How to Create a Fairy Path Through Raised Tree Roots
Creating Fairy Fun
The Tropical Grower is sharing How to Create a Fairy Path Through Raised Tree Roots because who doesn’t need a little magic in their lives. And what better place than your Garden or around your home, to let those creative juices flow and make something special. Now, I cannot promise a fairy will use your path, but hoping is part of the fun.
Growing Tropical we are no strangers to exposed roots. If they don’t grow close to the surface, they often get pulled up in storms, or a Tuesday shower. While you might believe erosion is the culprit, and it is sometimes, it can also be the root wanting a drier environment. It doesn’t want to live in soppy wet soil. Who can blame it?
Whatever the reason, lumpy bumpy areas right where you need to walk is no fun. No one wants stubby toes and spilled buckets. Quick easy Fairy Paths can be a helpful solution to tie your paths together through roots, uneven areas, or just where you need something a little special. Jump directly to the quick steps.
Fairy Span
Truth be told, our little path would probably be closer to a superhighway for a fairy, but it only spans a short distance. The goal is to smooth your short walk out, make it easier to cross and create interest. Adding soil or sand will also help with erosion and stabilize your tree roots.

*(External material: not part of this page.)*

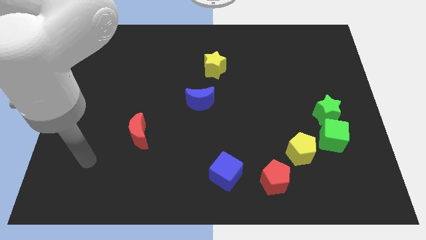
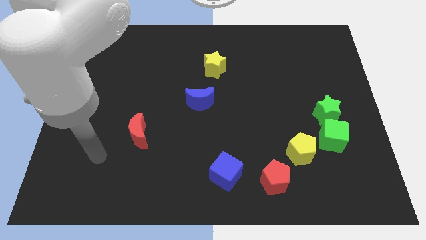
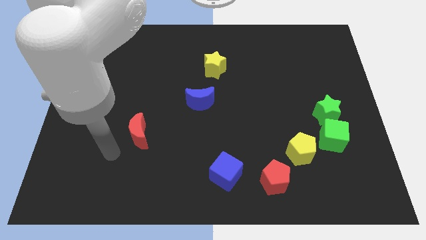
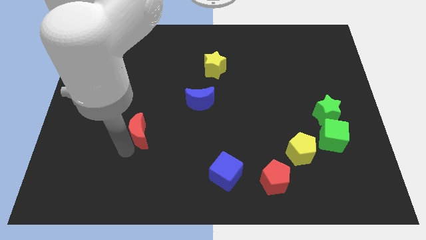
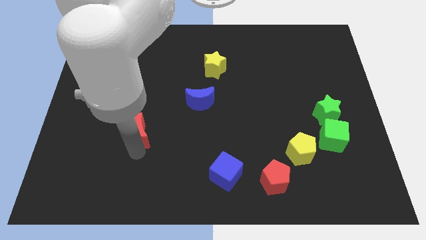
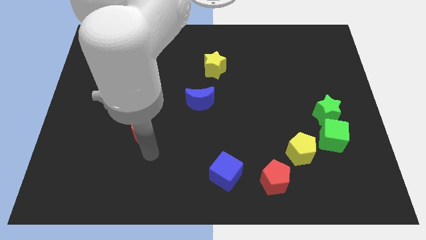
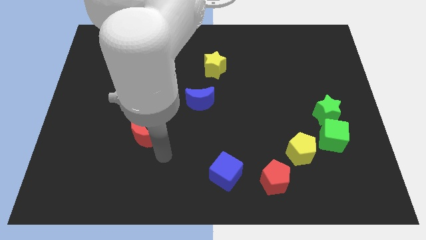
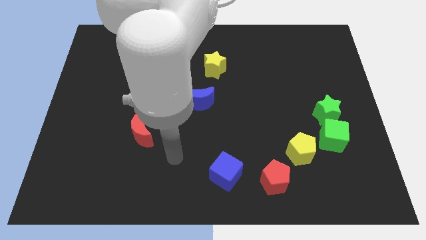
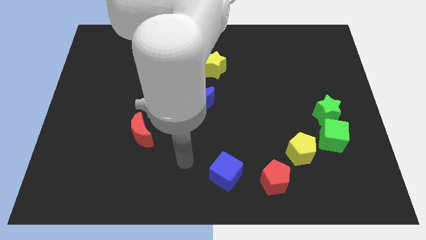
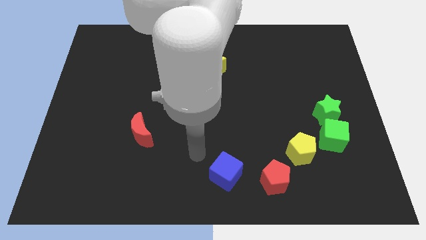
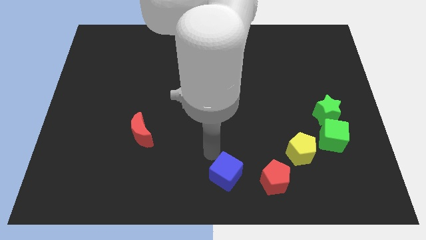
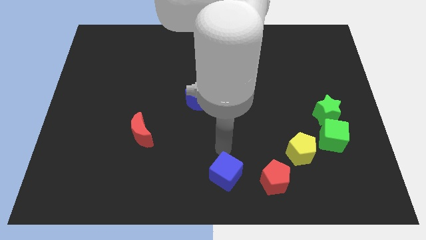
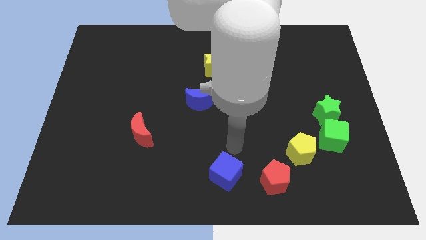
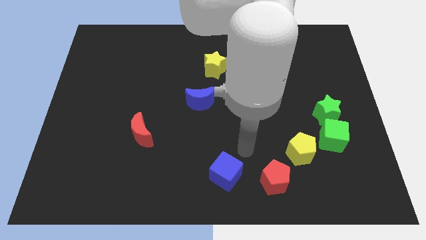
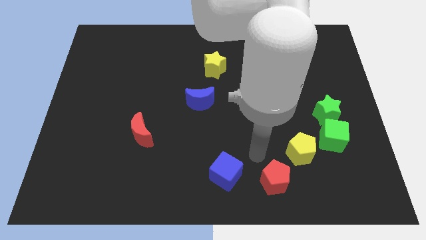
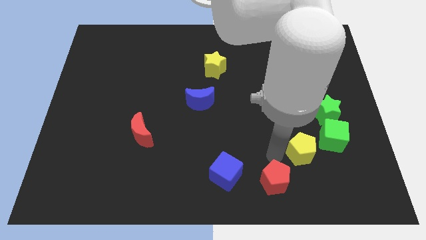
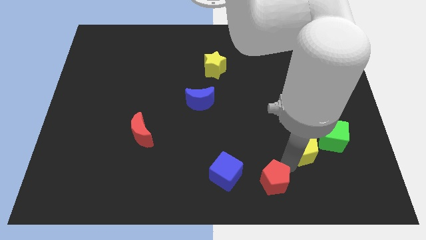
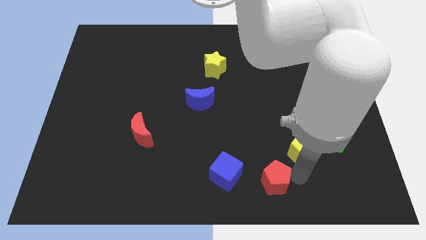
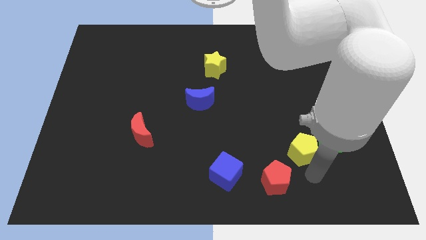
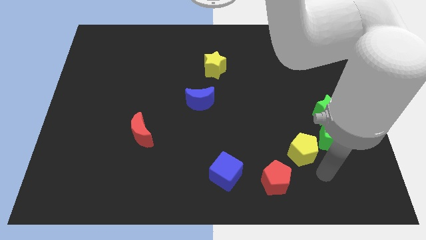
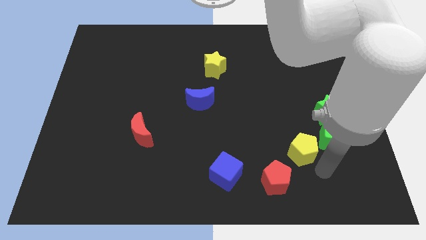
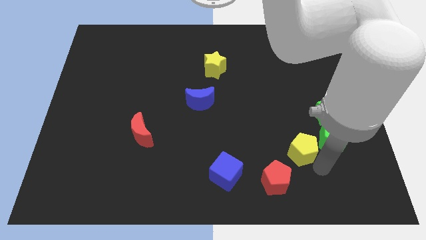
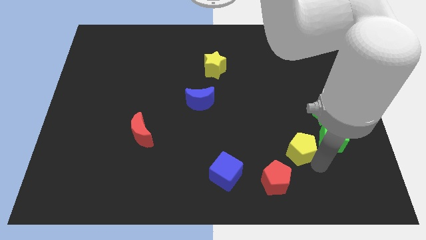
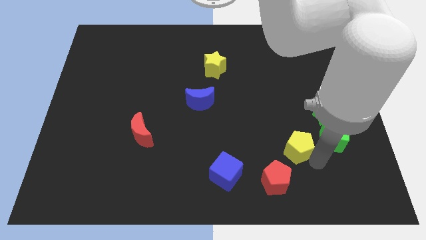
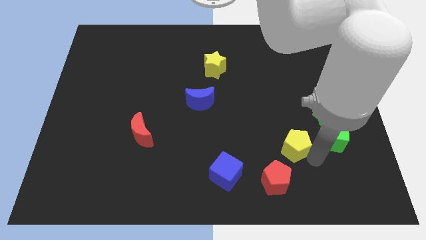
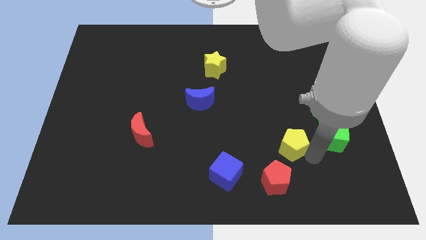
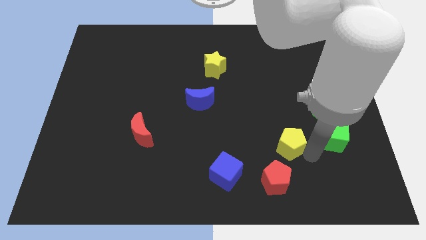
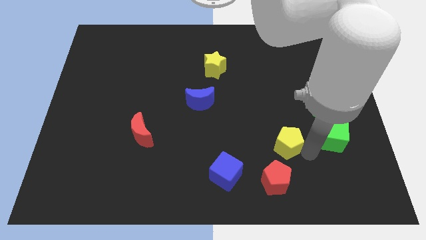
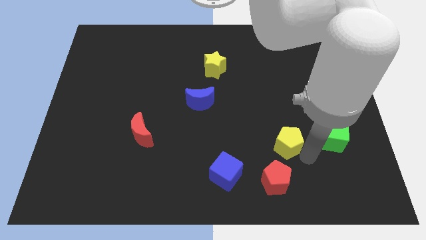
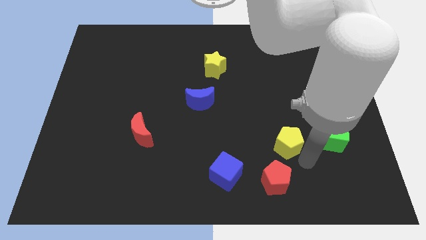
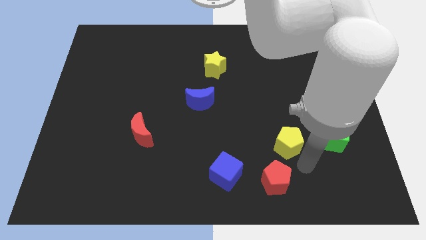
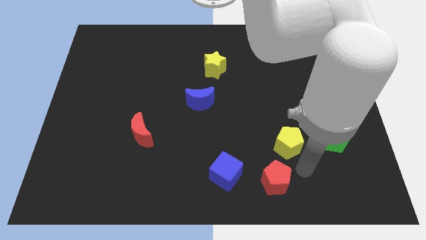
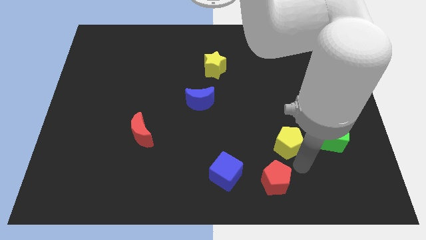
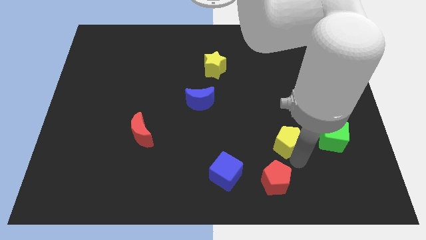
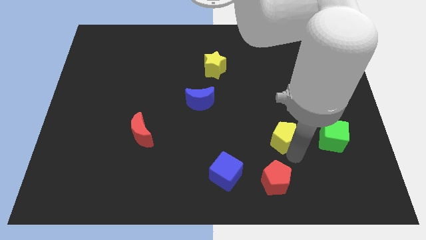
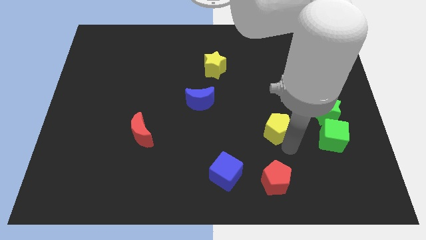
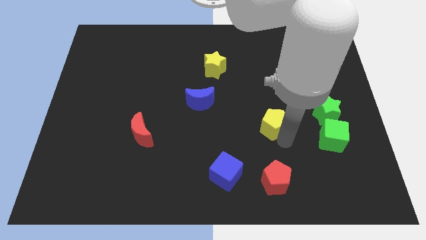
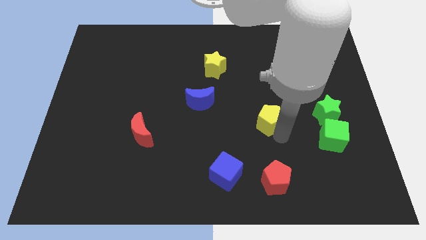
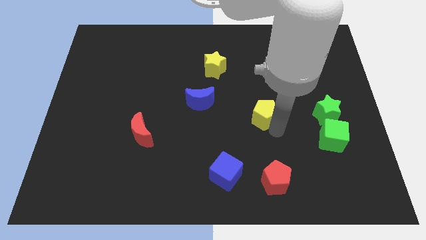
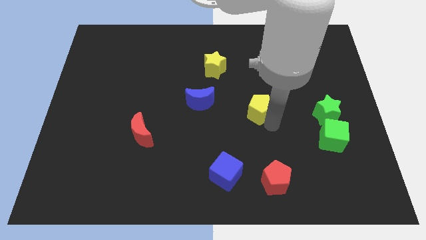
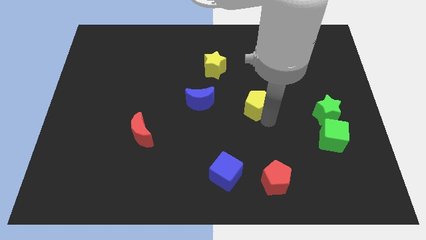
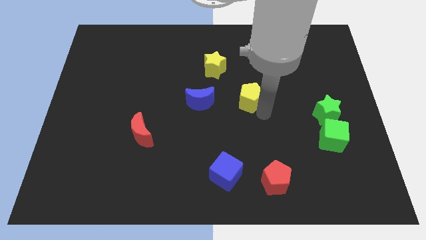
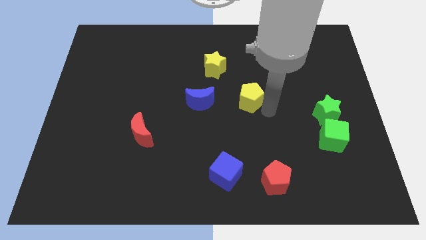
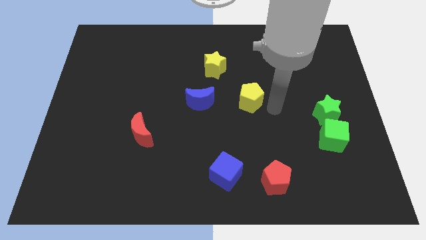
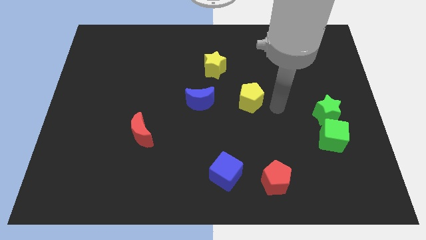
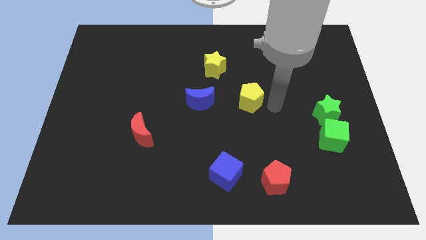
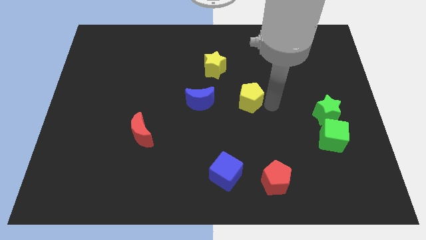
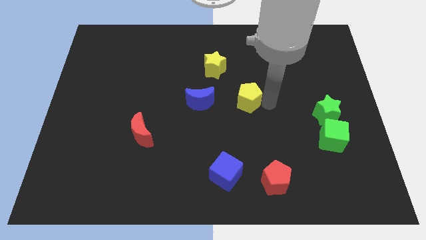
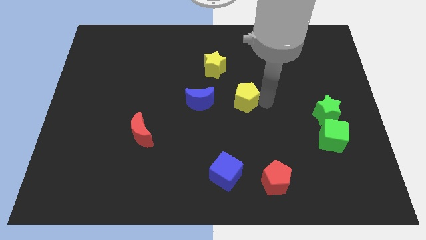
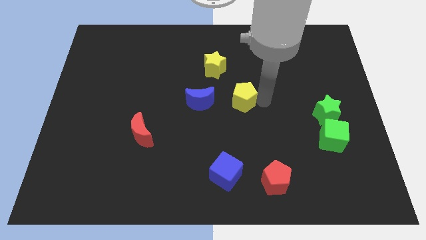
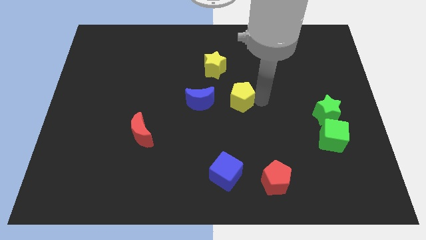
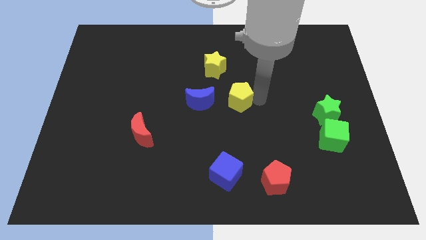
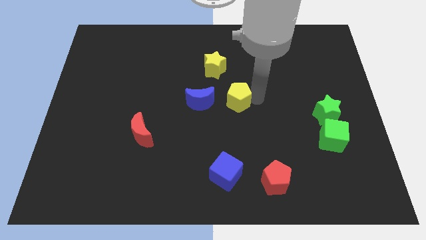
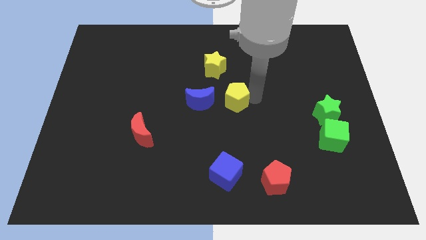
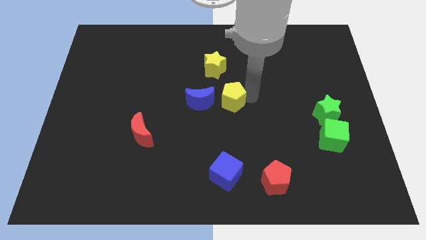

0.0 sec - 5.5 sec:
slide the yellow pentagon up and left diagonally

Woo-Hoo! Bonus.
If you have a change in elevation, one side is higher than the other, you might want to refer to it as a Fairy Staircase. It’d be accurate, if not as cool sounding. A slight elevation change is pretty common and looks awesome. Your first step is to figure out the best place for your path, the direction it should take. Does it need to go up?
Locating Your Path
If you’re lucky, the direction your path needs to go is already apparent. Like, you have a path on one side that three quick elevation drops around your tree, each at a root, will join it with the path on the other side. Simple. You’re probably tripping your way down this path now.

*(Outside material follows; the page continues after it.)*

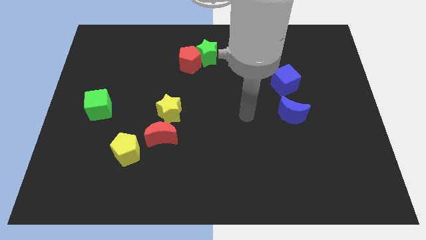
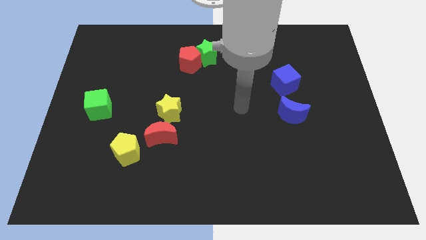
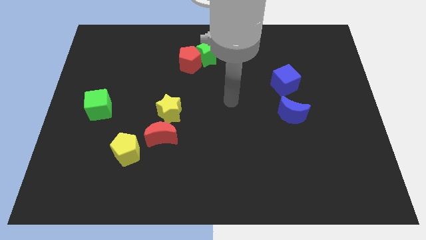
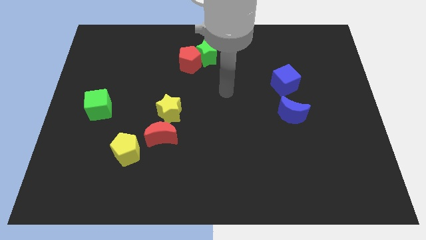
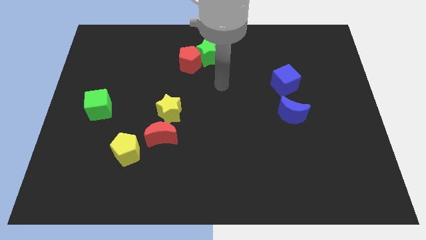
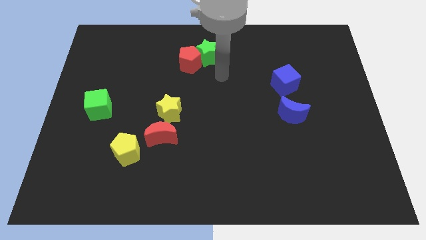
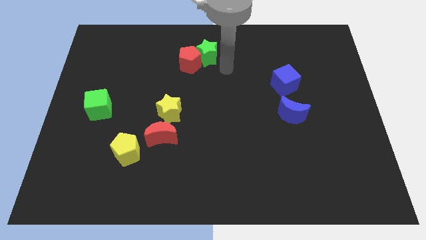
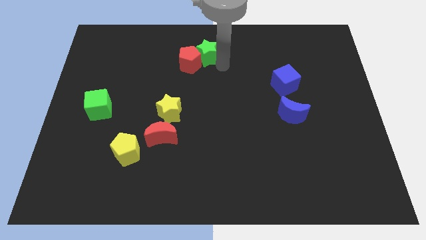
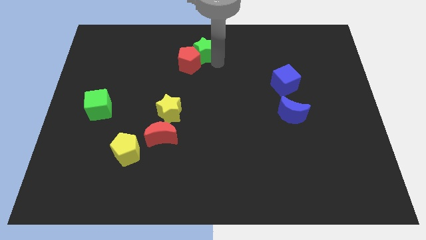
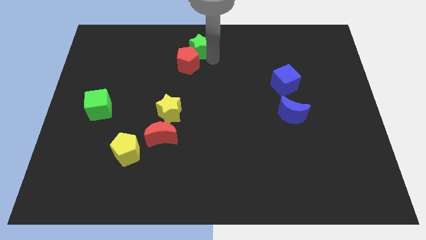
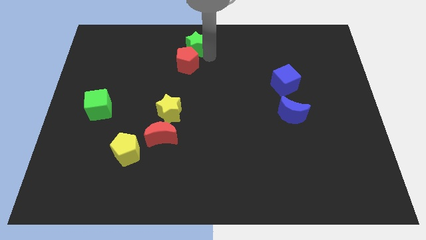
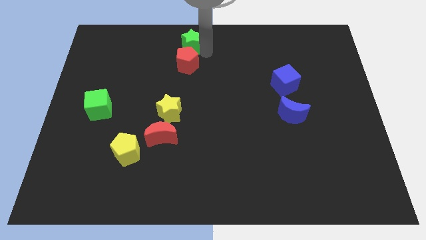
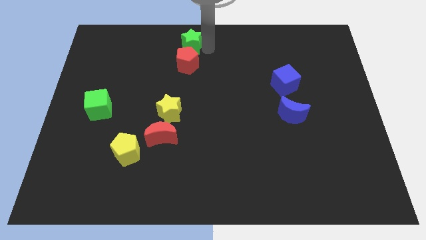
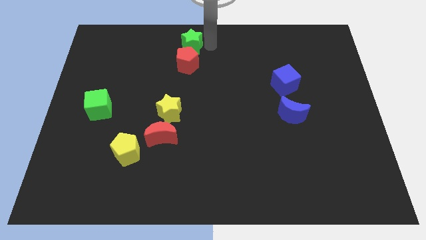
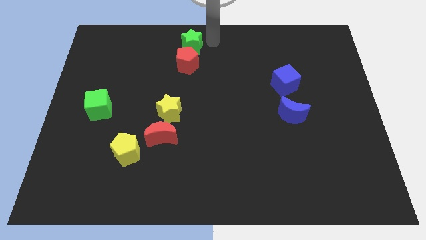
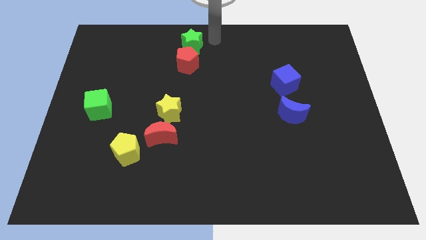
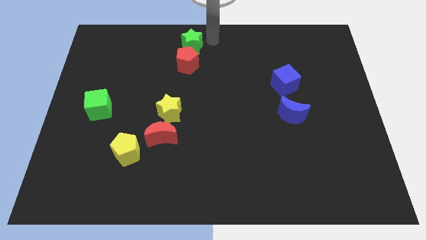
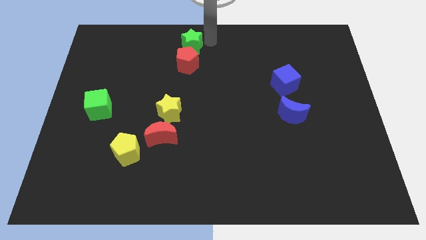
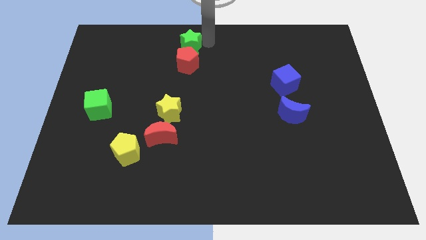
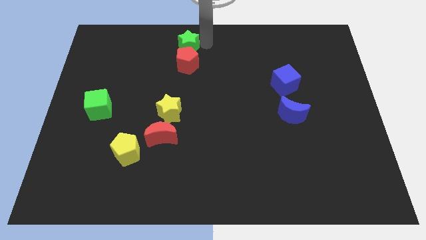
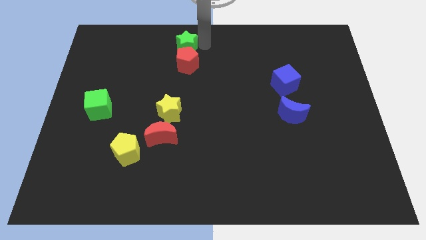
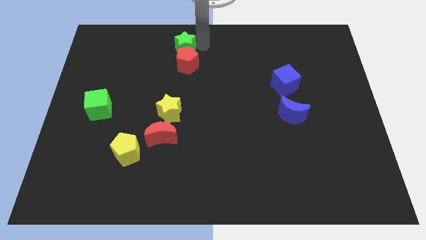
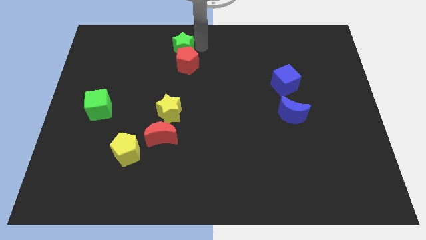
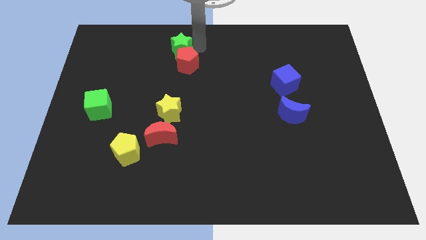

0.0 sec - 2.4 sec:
move the green star slightly left

Or more likely, you have weird sticking-out-in-all-directions roots. Places where the roots are really far out of the ground, curving funky, or just unpleasant. Your best option is to mostly bury these in a pleasant way that functions as a path. Easy, right? LOL!
Don’t panic, start by taking a seat. Look at the area. Where is the easiest way to walk? If you fill an area between 2 roots, is the root still sticking up, or at a weird angle where you’ll trip on it? You can make the path curve the whole way, angle it in any direction as many times as necessary, travel straight & split, the options are endless. It’s all up to you and your roots.
Take a look, make a plan. Walk around it a few times. What flows correctly? Are the foot holds too small for your feet? You may need to fill a larger area. Will she fall is the most important question in my mind. You’ll have your most important need.
Other Helpful Magic
If your roots are reaching up for drier ground, try packing sand next to the roots instead of a rich soil or mulch. Sand offers stability while keeping roots dry. Plan short runs between the roots, filling only the path instead of the path and surrounding areas. There’s a reason these babies are reaching for drier ground, and they will keep going up through whatever you put there.
However, if erosion is the culprit, packing and stabilizing the whole area will be necessary. Spray the hose on it, rain style, and figure out what is going on. Does the water slide off slowly across the whole area, or does it pour off in a channel taking all the dirt with it? Channels mean you need more area of level ground. If you have heavy erosion, you will most likely need to plan a hard Groundcover like Rock or a planted vegetation like moss or grass to stabilize the path after it’s filled.
Storm Mangled Roots
If all your roots have shifted upward due to storms yanking the tree around, make sure to pack rich soil or a compost mix around all the roots, lovingly. Wait, do it again. And, again. It will probably take at least 3 packs and no less than 6 months, the longer the better, for everything to settle. When the soil you’ve placed starts to drop a bit, that’s your signal to add more soil, think month or 2. After the 2nd or 3rd repack, you can start figuring out the best directions to make the paths. Unfortunately, it just takes time. The good news, it should look filled and nicely restored every time you do it. The settling comes after.
Choose a Ground Cover
After you figure out what’s going on with your roots, you should have a pretty good idea where your paths are headed. At this point, I like to Clear the Paths which is the next section. It gives me a better idea, roots and all, what I’m going to be up against. However, we should pause and decide, as part of the plan, the Groundcover. While you can plan a dirt path, no stabilization, and know it will erode, likely significantly, you still have to decide that.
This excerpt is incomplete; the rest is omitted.